* Material for the task:
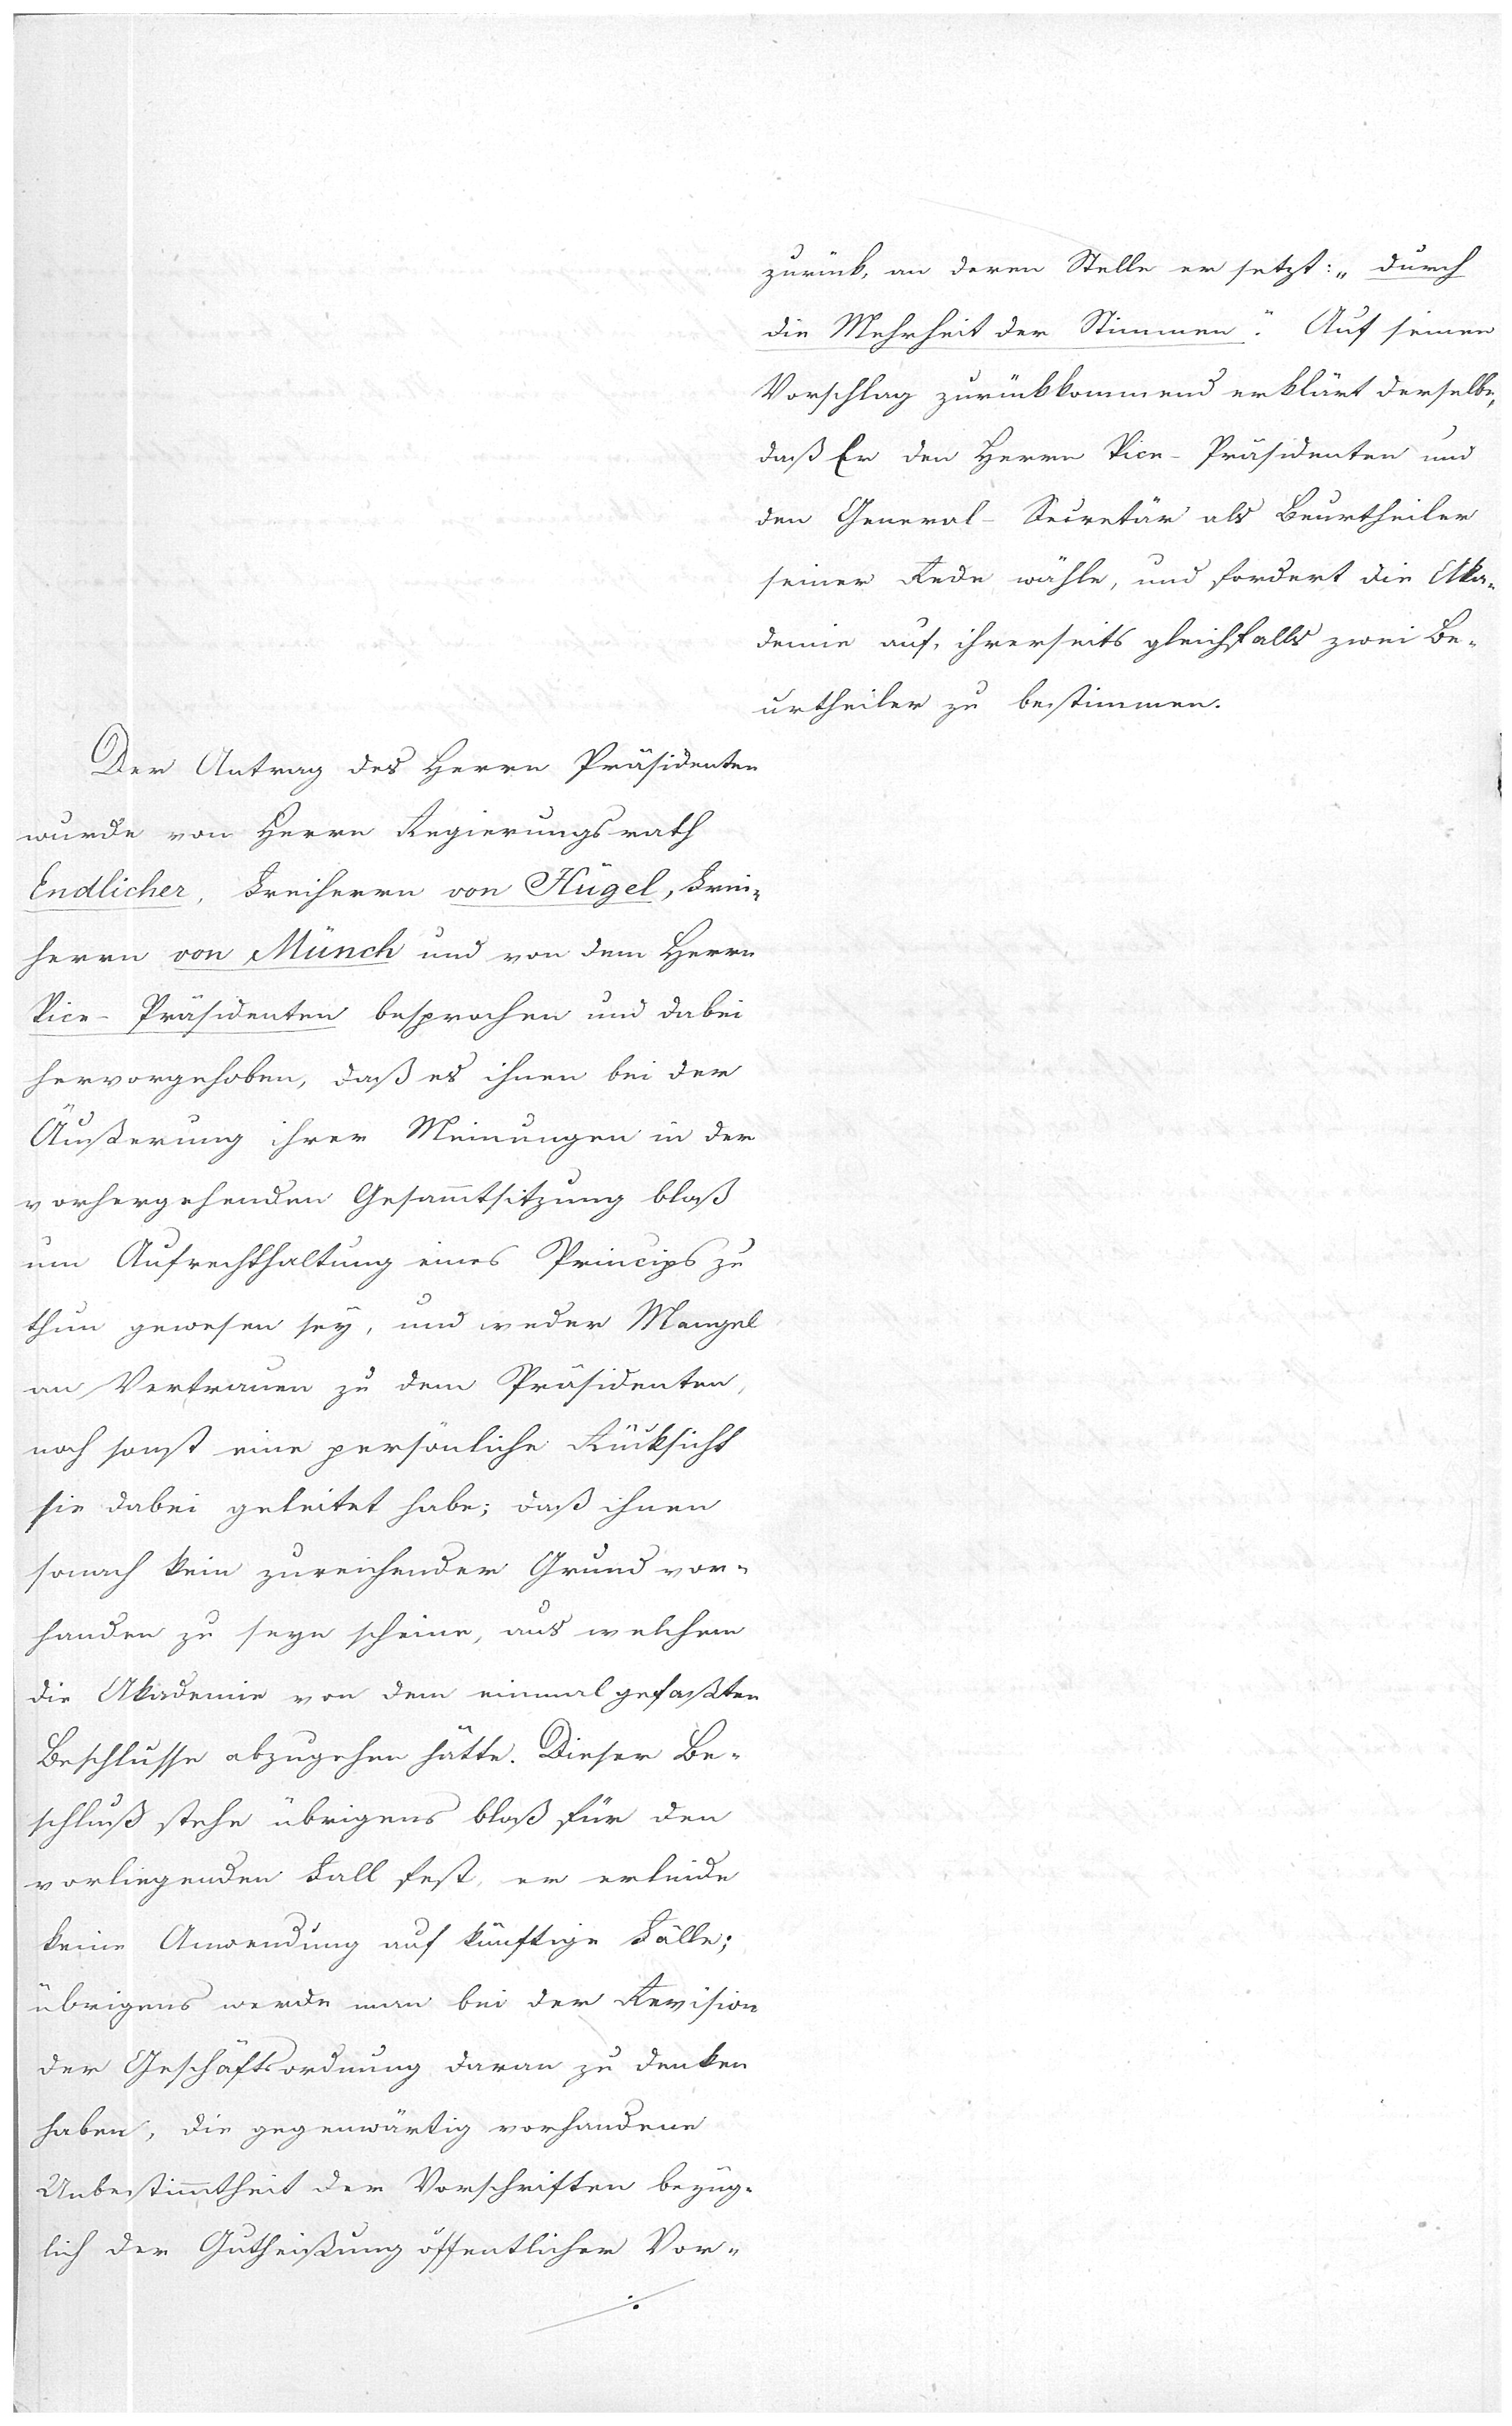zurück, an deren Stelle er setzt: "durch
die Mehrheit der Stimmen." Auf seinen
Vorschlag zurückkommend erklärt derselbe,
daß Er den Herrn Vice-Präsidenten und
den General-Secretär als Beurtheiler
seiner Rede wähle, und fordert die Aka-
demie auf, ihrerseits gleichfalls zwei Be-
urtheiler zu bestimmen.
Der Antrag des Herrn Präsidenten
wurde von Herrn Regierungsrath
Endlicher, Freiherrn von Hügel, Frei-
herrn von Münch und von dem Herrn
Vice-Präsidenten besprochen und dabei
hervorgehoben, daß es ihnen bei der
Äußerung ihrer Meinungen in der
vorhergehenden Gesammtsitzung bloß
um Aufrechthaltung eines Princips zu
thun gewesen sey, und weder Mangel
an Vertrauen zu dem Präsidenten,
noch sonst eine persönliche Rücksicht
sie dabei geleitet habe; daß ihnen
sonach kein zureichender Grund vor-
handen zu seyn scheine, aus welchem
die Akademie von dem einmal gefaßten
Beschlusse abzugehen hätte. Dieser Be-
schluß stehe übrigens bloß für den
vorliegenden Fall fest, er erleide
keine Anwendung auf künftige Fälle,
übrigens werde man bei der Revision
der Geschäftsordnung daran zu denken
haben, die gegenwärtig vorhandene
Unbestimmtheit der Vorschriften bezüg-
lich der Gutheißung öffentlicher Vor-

* Work to be completed:
Beginning with the line containing "um Aufrechthaltung eines Princips zu" and ending with the line containing "der Geschäftsordnung daran zu denken", extract those lines exactly from the listing above, and only those.

* Result of this task:
um Aufrechthaltung eines Princips zu
thun gewesen sey, und weder Mangel
an Vertrauen zu dem Präsidenten,
noch sonst eine persönliche Rücksicht
sie dabei geleitet habe; daß ihnen
sonach kein zureichender Grund vor-
handen zu seyn scheine, aus welchem
die Akademie von dem einmal gefaßten
Beschlusse abzugehen hätte. Dieser Be-
schluß stehe übrigens bloß für den
vorliegenden Fall fest, er erleide
keine Anwendung auf künftige Fälle,
übrigens werde man bei der Revision
der Geschäftsordnung daran zu denken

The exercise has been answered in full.